## WHAT YOU WILL DO
Could you output the whole listing exactly as it stands, minus any images?

◇ ◇ ◇

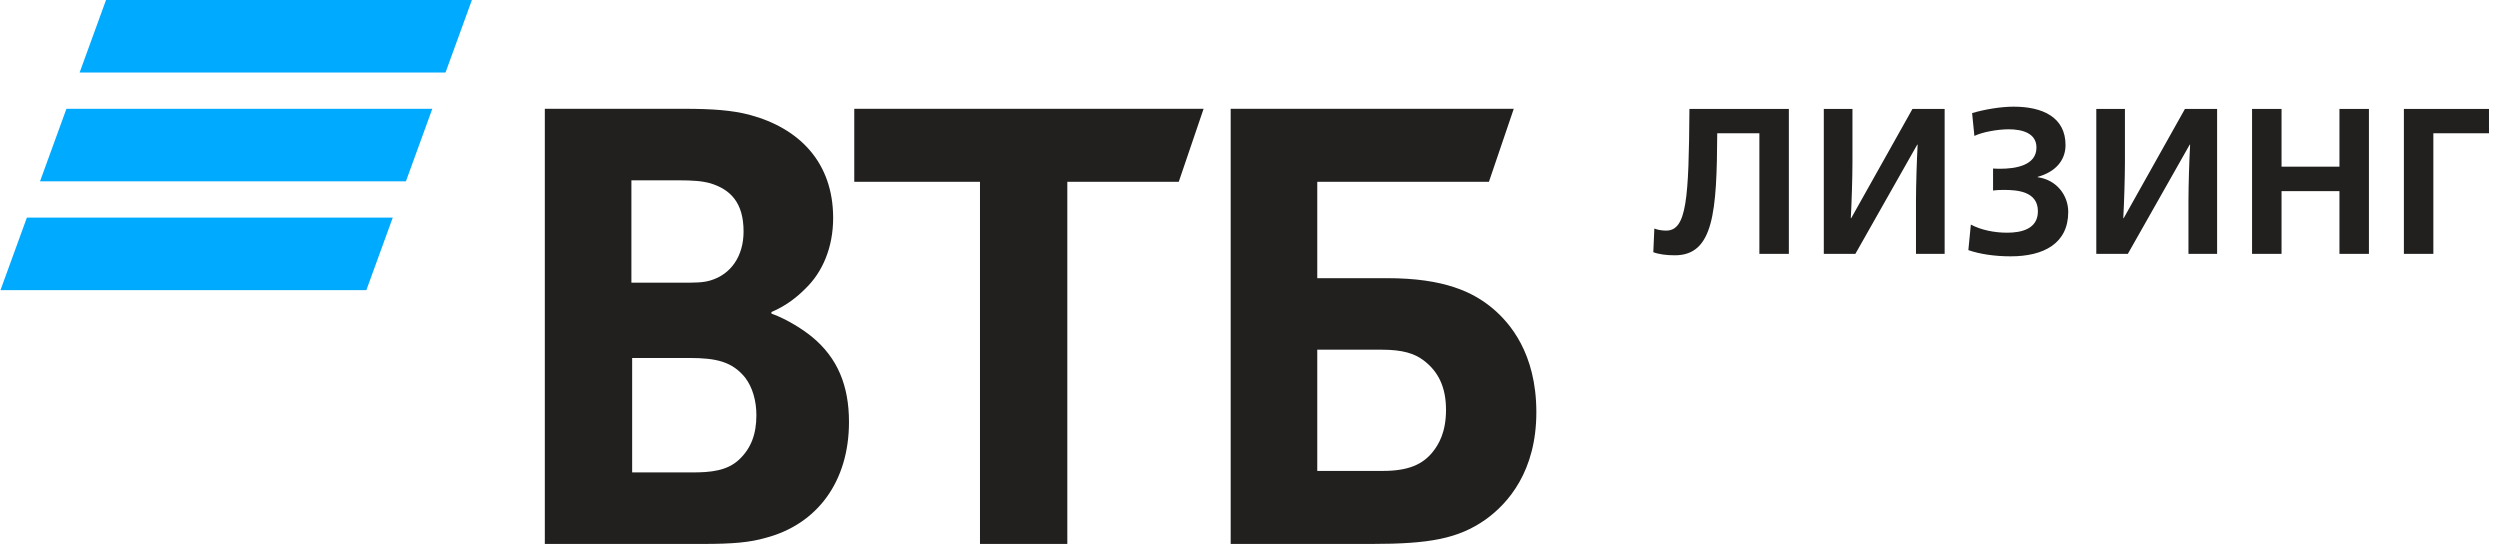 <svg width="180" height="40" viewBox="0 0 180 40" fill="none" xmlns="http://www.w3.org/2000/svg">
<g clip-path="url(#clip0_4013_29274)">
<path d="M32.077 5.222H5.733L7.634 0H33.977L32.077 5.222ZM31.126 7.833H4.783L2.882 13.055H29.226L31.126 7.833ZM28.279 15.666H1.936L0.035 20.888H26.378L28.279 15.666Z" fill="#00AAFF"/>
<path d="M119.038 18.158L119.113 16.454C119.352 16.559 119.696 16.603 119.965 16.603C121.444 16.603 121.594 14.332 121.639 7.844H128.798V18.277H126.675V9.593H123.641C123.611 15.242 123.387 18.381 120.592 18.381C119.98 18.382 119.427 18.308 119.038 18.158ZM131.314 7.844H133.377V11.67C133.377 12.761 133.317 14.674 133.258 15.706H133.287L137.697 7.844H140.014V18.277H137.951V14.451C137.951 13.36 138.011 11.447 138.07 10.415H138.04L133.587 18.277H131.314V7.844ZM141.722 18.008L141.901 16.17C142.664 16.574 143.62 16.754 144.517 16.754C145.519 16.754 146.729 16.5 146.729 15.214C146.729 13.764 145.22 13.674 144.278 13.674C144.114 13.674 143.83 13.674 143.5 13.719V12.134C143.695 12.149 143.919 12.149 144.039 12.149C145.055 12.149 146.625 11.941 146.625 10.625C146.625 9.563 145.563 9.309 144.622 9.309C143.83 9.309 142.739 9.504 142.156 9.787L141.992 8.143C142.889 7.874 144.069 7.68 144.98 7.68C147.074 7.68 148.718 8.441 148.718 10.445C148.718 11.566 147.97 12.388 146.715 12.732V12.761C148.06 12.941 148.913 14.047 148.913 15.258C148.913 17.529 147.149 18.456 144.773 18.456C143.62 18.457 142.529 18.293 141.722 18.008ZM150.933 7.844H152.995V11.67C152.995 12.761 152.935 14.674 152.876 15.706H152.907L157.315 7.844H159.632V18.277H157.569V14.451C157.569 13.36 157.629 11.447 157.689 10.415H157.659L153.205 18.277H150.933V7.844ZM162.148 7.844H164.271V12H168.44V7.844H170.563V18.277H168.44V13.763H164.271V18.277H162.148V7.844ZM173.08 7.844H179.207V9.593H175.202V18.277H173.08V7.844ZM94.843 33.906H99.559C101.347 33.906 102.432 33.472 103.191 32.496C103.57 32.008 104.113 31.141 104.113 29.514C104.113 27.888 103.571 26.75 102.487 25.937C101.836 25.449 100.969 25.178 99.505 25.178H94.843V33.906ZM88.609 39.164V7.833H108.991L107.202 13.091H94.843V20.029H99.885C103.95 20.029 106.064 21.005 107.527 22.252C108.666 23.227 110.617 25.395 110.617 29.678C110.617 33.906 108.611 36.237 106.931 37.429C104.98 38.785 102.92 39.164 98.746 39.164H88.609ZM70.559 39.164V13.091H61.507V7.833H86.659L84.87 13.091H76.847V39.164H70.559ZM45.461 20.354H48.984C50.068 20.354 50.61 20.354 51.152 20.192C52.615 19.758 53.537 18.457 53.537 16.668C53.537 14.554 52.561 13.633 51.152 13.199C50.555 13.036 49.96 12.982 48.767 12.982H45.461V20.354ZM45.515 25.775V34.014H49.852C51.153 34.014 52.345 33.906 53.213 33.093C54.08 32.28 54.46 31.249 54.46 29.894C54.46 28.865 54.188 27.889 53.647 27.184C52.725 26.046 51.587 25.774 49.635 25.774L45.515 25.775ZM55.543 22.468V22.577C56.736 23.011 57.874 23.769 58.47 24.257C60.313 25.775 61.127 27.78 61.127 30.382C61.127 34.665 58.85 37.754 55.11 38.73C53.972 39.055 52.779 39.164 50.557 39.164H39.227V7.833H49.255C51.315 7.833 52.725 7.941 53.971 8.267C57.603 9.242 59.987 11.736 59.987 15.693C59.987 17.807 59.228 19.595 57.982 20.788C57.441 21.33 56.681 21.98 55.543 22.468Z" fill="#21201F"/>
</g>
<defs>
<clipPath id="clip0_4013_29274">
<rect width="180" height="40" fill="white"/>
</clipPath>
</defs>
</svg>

◇ ◇ ◇

## WRITTEN ANSWER
 <svg width="180" height="40" viewBox="0 0 180 40" fill="none" xmlns="http://www.w3.org/2000/svg">
<g clip-path="url(#clip0_4013_29274)">
<path d="M32.077 5.222H5.733L7.634 0H33.977L32.077 5.222ZM31.126 7.833H4.783L2.882 13.055H29.226L31.126 7.833ZM28.279 15.666H1.936L0.035 20.888H26.378L28.279 15.666Z" fill="#00AAFF"/>
<path d="M119.038 18.158L119.113 16.454C119.352 16.559 119.696 16.603 119.965 16.603C121.444 16.603 121.594 14.332 121.639 7.844H128.798V18.277H126.675V9.593H123.641C123.611 15.242 123.387 18.381 120.592 18.381C119.98 18.382 119.427 18.308 119.038 18.158ZM131.314 7.844H133.377V11.67C133.377 12.761 133.317 14.674 133.258 15.706H133.287L137.697 7.844H140.014V18.277H137.951V14.451C137.951 13.36 138.011 11.447 138.07 10.415H138.04L133.587 18.277H131.314V7.844ZM141.722 18.008L141.901 16.17C142.664 16.574 143.62 16.754 144.517 16.754C145.519 16.754 146.729 16.5 146.729 15.214C146.729 13.764 145.22 13.674 144.278 13.674C144.114 13.674 143.83 13.674 143.5 13.719V12.134C143.695 12.149 143.919 12.149 144.039 12.149C145.055 12.149 146.625 11.941 146.625 10.625C146.625 9.563 145.563 9.309 144.622 9.309C143.83 9.309 142.739 9.504 142.156 9.787L141.992 8.143C142.889 7.874 144.069 7.68 144.98 7.68C147.074 7.68 148.718 8.441 148.718 10.445C148.718 11.566 147.97 12.388 146.715 12.732V12.761C148.06 12.941 148.913 14.047 148.913 15.258C148.913 17.529 147.149 18.456 144.773 18.456C143.62 18.457 142.529 18.293 141.722 18.008ZM150.933 7.844H152.995V11.67C152.995 12.761 152.935 14.674 152.876 15.706H152.907L157.315 7.844H159.632V18.277H157.569V14.451C157.569 13.36 157.629 11.447 157.689 10.415H157.659L153.205 18.277H150.933V7.844ZM162.148 7.844H164.271V12H168.44V7.844H170.563V18.277H168.44V13.763H164.271V18.277H162.148V7.844ZM173.08 7.844H179.207V9.593H175.202V18.277H173.08V7.844ZM94.843 33.906H99.559C101.347 33.906 102.432 33.472 103.191 32.496C103.57 32.008 104.113 31.141 104.113 29.514C104.113 27.888 103.571 26.75 102.487 25.937C101.836 25.449 100.969 25.178 99.505 25.178H94.843V33.906ZM88.609 39.164V7.833H108.991L107.202 13.091H94.843V20.029H99.885C103.95 20.029 106.064 21.005 107.527 22.252C108.666 23.227 110.617 25.395 110.617 29.678C110.617 33.906 108.611 36.237 106.931 37.429C104.98 38.785 102.92 39.164 98.746 39.164H88.609ZM70.559 39.164V13.091H61.507V7.833H86.659L84.87 13.091H76.847V39.164H70.559ZM45.461 20.354H48.984C50.068 20.354 50.61 20.354 51.152 20.192C52.615 19.758 53.537 18.457 53.537 16.668C53.537 14.554 52.561 13.633 51.152 13.199C50.555 13.036 49.96 12.982 48.767 12.982H45.461V20.354ZM45.515 25.775V34.014H49.852C51.153 34.014 52.345 33.906 53.213 33.093C54.08 32.28 54.46 31.249 54.46 29.894C54.46 28.865 54.188 27.889 53.647 27.184C52.725 26.046 51.587 25.774 49.635 25.774L45.515 25.775ZM55.543 22.468V22.577C56.736 23.011 57.874 23.769 58.47 24.257C60.313 25.775 61.127 27.78 61.127 30.382C61.127 34.665 58.85 37.754 55.11 38.73C53.972 39.055 52.779 39.164 50.557 39.164H39.227V7.833H49.255C51.315 7.833 52.725 7.941 53.971 8.267C57.603 9.242 59.987 11.736 59.987 15.693C59.987 17.807 59.228 19.595 57.982 20.788C57.441 21.33 56.681 21.98 55.543 22.468Z" fill="#21201F"/>
</g>
<defs>
<clipPath id="clip0_4013_29274">
<rect width="180" height="40" fill="white"/>
</clipPath>
</defs>
</svg>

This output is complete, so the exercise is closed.